■ Exercise prompt ■
Among the entries below, only the lines starting at the one with "#290=DIRECTION('',(0.,0.,-1.));" and ending at the one with "#341=CARTESIAN_POINT('',(-18.394,0.,0.));", both included, are to be printed exactly.

══════════════════════════════

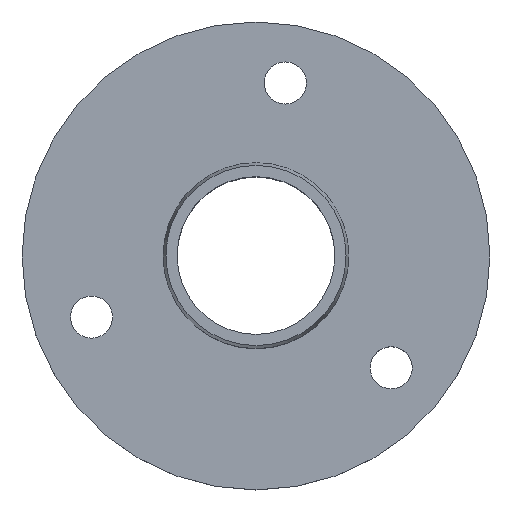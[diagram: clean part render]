
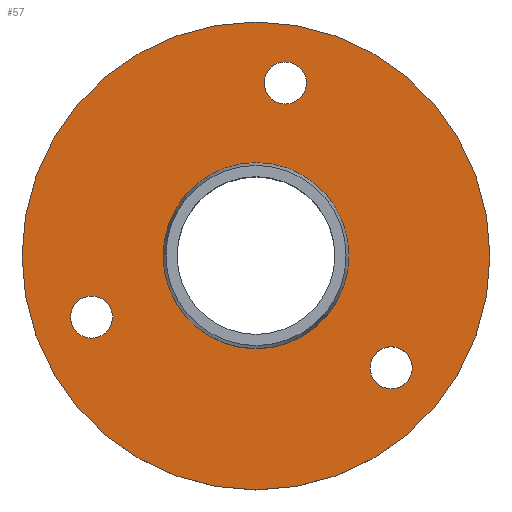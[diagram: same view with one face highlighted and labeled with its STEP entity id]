
A CAD part, top view. The second image highlights one B-rep face of the part: STEP entity #57.
In plain terms, the highlighted planar face has unit normal (0, 0, 1).
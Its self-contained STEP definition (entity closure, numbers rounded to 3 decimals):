
#46=PLANE('',#237);
#57=ADVANCED_FACE('',(#89,#90,#91,#92,#93),#46,.T.);
#89=FACE_BOUND('',#121,.T.);
#90=FACE_BOUND('',#122,.T.);
#91=FACE_BOUND('',#123,.T.);
#92=FACE_BOUND('',#124,.T.);
#93=FACE_BOUND('',#125,.T.);
#121=EDGE_LOOP('',(#153));
#122=EDGE_LOOP('',(#154));
#123=EDGE_LOOP('',(#155));
#124=EDGE_LOOP('',(#156));
#125=EDGE_LOOP('',(#157));
#153=ORIENTED_EDGE('',*,*,#190,.T.);
#154=ORIENTED_EDGE('',*,*,#187,.T.);
#155=ORIENTED_EDGE('',*,*,#185,.T.);
#156=ORIENTED_EDGE('',*,*,#191,.T.);
#157=ORIENTED_EDGE('',*,*,#194,.T.);
#169=VERTEX_POINT('',#318);
#171=VERTEX_POINT('',#323);
#174=VERTEX_POINT('',#330);
#175=VERTEX_POINT('',#333);
#178=VERTEX_POINT('',#341);
#185=EDGE_CURVE('',#169,#169,#201,.T.);
#187=EDGE_CURVE('',#171,#171,#203,.T.);
#190=EDGE_CURVE('',#174,#174,#206,.T.);
#191=EDGE_CURVE('',#175,#175,#207,.T.);
#194=EDGE_CURVE('',#178,#178,#210,.T.);
#201=CIRCLE('',#222,4.5);
#203=CIRCLE('',#225,4.5);
#206=CIRCLE('',#229,50.);
#207=CIRCLE('',#231,4.5);
#210=CIRCLE('',#236,18.394);
#222=AXIS2_PLACEMENT_3D('',#317,#262,#263);
#225=AXIS2_PLACEMENT_3D('',#322,#268,#269);
#229=AXIS2_PLACEMENT_3D('',#329,#276,#277);
#231=AXIS2_PLACEMENT_3D('',#332,#280,#281);
#236=AXIS2_PLACEMENT_3D('',#340,#290,#291);
#237=AXIS2_PLACEMENT_3D('',#342,#292,#293);
#262=DIRECTION('',(0.,0.,-1.));
#263=DIRECTION('',(-0.5,0.866,0.));
#268=DIRECTION('',(0.,0.,-1.));
#269=DIRECTION('',(-0.5,-0.866,0.));
#276=DIRECTION('',(0.,0.,1.));
#277=DIRECTION('',(1.,0.,0.));
#280=DIRECTION('',(0.,0.,-1.));
#281=DIRECTION('',(1.,0.,0.));
#290=DIRECTION('',(0.,0.,-1.));
#291=DIRECTION('',(-1.,0.,0.));
#292=DIRECTION('',(0.,0.,1.));
#293=DIRECTION('',(1.,0.,0.));
#317=CARTESIAN_POINT('',(6.254,36.975,0.));
#318=CARTESIAN_POINT('',(4.004,40.872,0.));
#322=CARTESIAN_POINT('',(-35.148,-13.071,0.));
#323=CARTESIAN_POINT('',(-37.398,-16.969,0.));
#329=CARTESIAN_POINT('',(0.,0.,0.));
#330=CARTESIAN_POINT('',(50.,0.,0.));
#332=CARTESIAN_POINT('',(28.894,-23.903,0.));
#333=CARTESIAN_POINT('',(33.394,-23.903,0.));
#340=CARTESIAN_POINT('',(0.,0.,0.));
#341=CARTESIAN_POINT('',(-18.394,0.,0.));
#342=CARTESIAN_POINT('',(-11.716,-4.357,0.));

══════════════════════════════

■ Solution for this task ■
#290=DIRECTION('',(0.,0.,-1.));
#291=DIRECTION('',(-1.,0.,0.));
#292=DIRECTION('',(0.,0.,1.));
#293=DIRECTION('',(1.,0.,0.));
#317=CARTESIAN_POINT('',(6.254,36.975,0.));
#318=CARTESIAN_POINT('',(4.004,40.872,0.));
#322=CARTESIAN_POINT('',(-35.148,-13.071,0.));
#323=CARTESIAN_POINT('',(-37.398,-16.969,0.));
#329=CARTESIAN_POINT('',(0.,0.,0.));
#330=CARTESIAN_POINT('',(50.,0.,0.));
#332=CARTESIAN_POINT('',(28.894,-23.903,0.));
#333=CARTESIAN_POINT('',(33.394,-23.903,0.));
#340=CARTESIAN_POINT('',(0.,0.,0.));
#341=CARTESIAN_POINT('',(-18.394,0.,0.));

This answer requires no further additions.